Exercise description: In the copy of these records, include no pictures and change nothing else.

Information:
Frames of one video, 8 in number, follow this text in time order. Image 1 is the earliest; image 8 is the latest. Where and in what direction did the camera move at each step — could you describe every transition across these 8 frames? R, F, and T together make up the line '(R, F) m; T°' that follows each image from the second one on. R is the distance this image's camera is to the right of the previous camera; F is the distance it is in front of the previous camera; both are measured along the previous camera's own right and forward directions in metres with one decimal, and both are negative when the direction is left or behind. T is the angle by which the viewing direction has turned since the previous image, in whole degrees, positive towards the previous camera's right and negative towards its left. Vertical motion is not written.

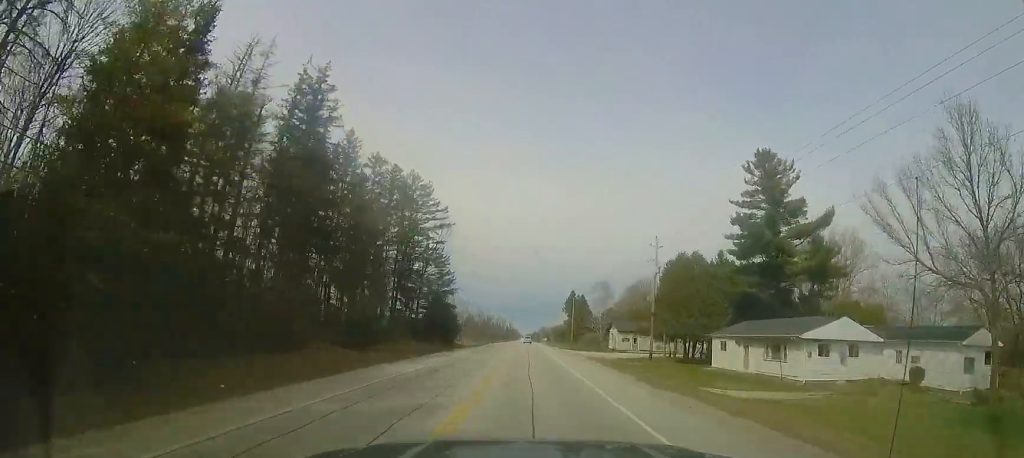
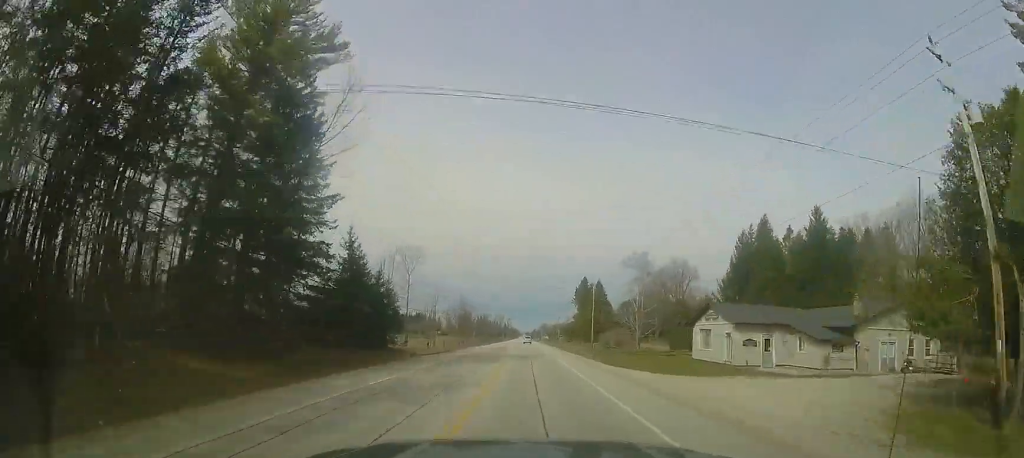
(-0.3, +31.4) m; 0°
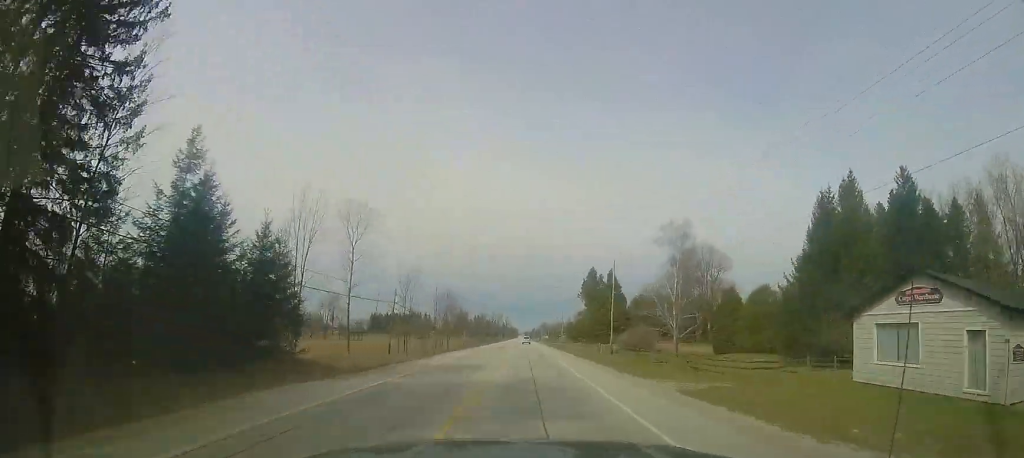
(+0.2, +16.6) m; 0°
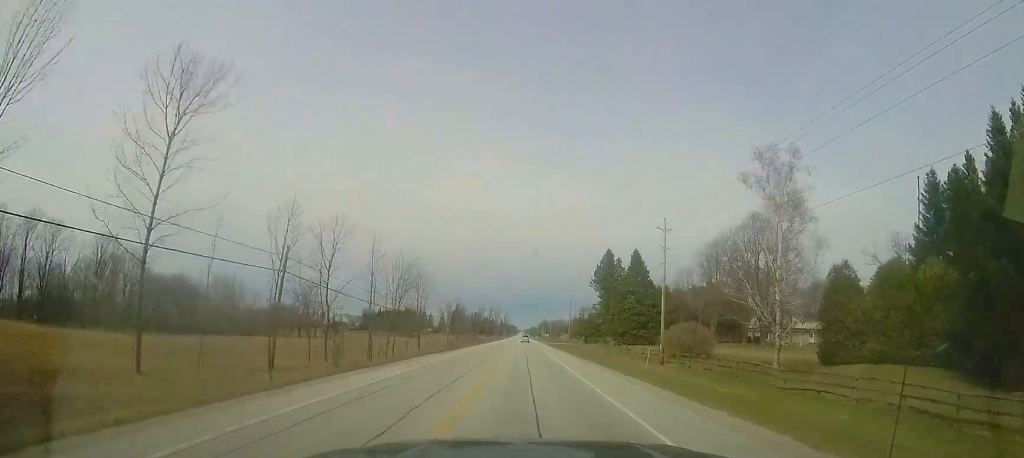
(-0.1, +20.6) m; 0°
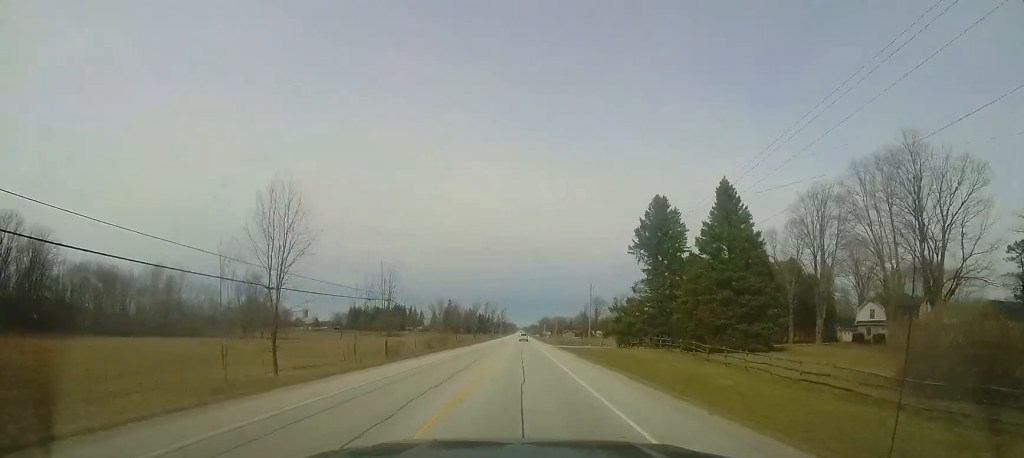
(0.0, +33.3) m; 0°
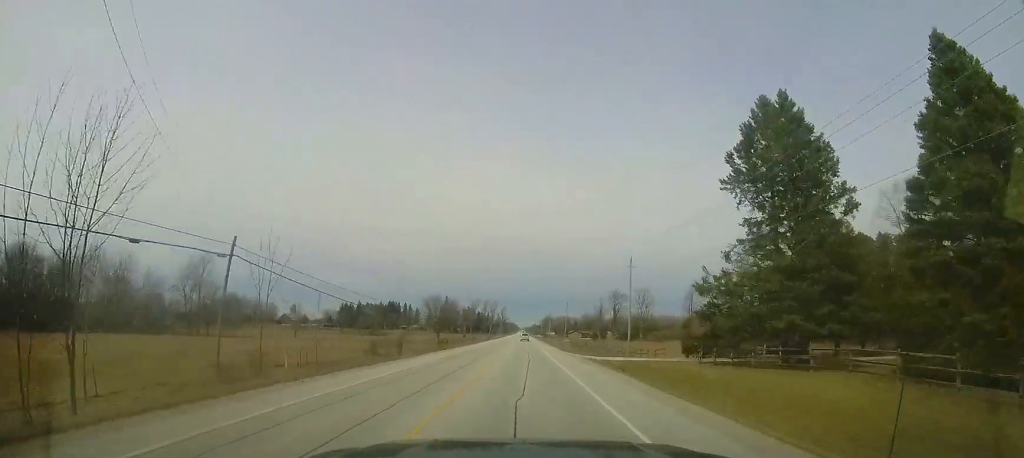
(0.0, +25.3) m; 0°
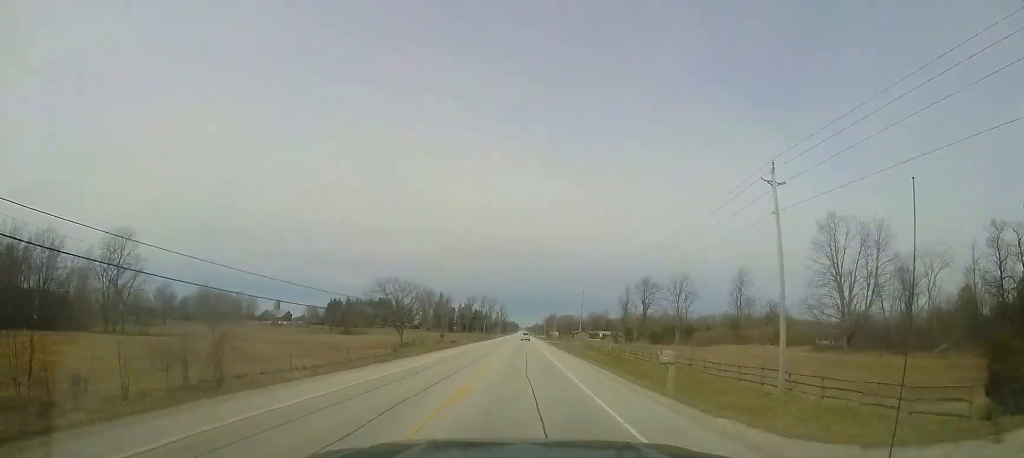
(0.0, +27.3) m; 0°
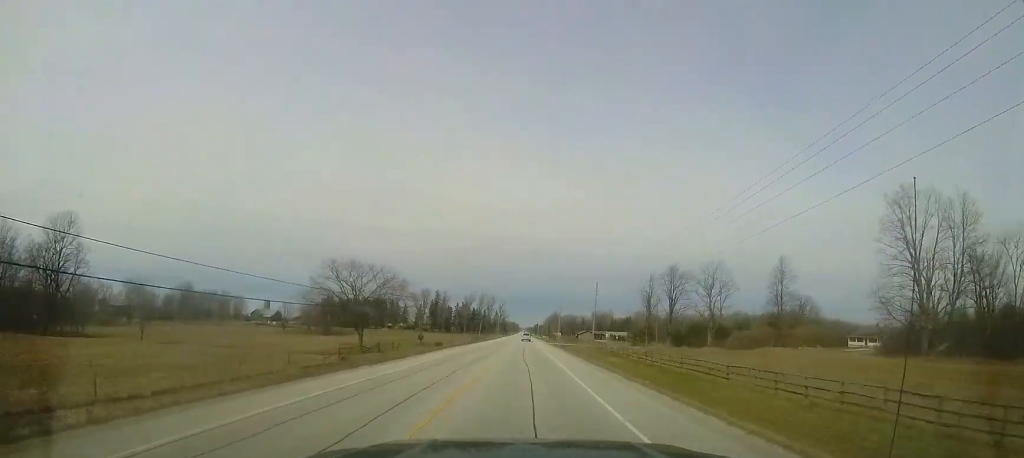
(+0.2, +15.7) m; 0°

Written solution:
Frames of one video, 8 in number, follow this text in time order. Image 1 is the earliest; image 8 is the latest. Where and in what direction did the camera move at each step — could you describe every transition across these 8 frames? R, F, and T together make up the line '(R, F) m; T°' that follows each image from the second one on. R is the distance this image's camera is to the right of the previous camera; F is the distance it is in front of the previous camera; both are measured along the previous camera's own right and forward directions in metres with one decimal, and both are negative when the direction is left or behind. T is the angle by which the viewing direction has turned since the previous image, in whole degrees, positive towards the previous camera's right and negative towards its left. Vertical motion is not written.

(-0.3, +31.4) m; 0°
(+0.2, +16.6) m; 0°
(-0.1, +20.6) m; 0°
(0.0, +33.3) m; 0°
(0.0, +25.3) m; 0°
(0.0, +27.3) m; 0°
(+0.2, +15.7) m; 0°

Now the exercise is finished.